• **ASSIGNMENT**
Retype exactly the lines below, beginning with the first and ending with the line where "39L64.998 45.753H92.084C93.454 45.753" appears.

------ THE RECORDS

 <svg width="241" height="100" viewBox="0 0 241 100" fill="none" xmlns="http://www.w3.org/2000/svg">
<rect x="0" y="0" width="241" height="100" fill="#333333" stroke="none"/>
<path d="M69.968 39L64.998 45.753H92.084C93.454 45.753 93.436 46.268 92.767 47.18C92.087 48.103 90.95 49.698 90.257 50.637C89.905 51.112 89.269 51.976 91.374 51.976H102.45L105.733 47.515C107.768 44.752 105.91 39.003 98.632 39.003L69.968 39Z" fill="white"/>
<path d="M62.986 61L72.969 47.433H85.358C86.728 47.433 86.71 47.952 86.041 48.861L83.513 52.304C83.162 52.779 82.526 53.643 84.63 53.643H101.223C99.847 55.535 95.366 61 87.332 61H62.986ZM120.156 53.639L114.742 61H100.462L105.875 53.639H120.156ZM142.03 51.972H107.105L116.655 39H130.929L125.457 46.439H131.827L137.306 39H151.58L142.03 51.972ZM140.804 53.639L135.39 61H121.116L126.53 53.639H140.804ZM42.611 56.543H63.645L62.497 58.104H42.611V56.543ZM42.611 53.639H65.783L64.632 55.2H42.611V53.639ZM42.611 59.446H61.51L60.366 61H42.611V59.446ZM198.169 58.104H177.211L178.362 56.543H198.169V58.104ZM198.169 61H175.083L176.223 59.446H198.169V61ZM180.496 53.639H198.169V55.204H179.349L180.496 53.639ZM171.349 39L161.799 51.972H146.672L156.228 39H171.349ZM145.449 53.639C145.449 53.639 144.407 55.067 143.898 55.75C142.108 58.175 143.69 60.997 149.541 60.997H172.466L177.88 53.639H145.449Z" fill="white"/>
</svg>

------------

• **OUTPUT BELOW**
 <svg width="241" height="100" viewBox="0 0 241 100" fill="none" xmlns="http://www.w3.org/2000/svg">
<rect x="0" y="0" width="241" height="100" fill="#333333" stroke="none"/>
<path d="M69.968 39L64.998 45.753H92.084C93.454 45.753 93.436 46.268 92.767 47.18C92.087 48.103 90.95 49.698 90.257 50.637C89.905 51.112 89.269 51.976 91.374 51.976H102.45L105.733 47.515C107.768 44.752 105.91 39.003 98.632 39.003L69.968 39Z" fill="white"/>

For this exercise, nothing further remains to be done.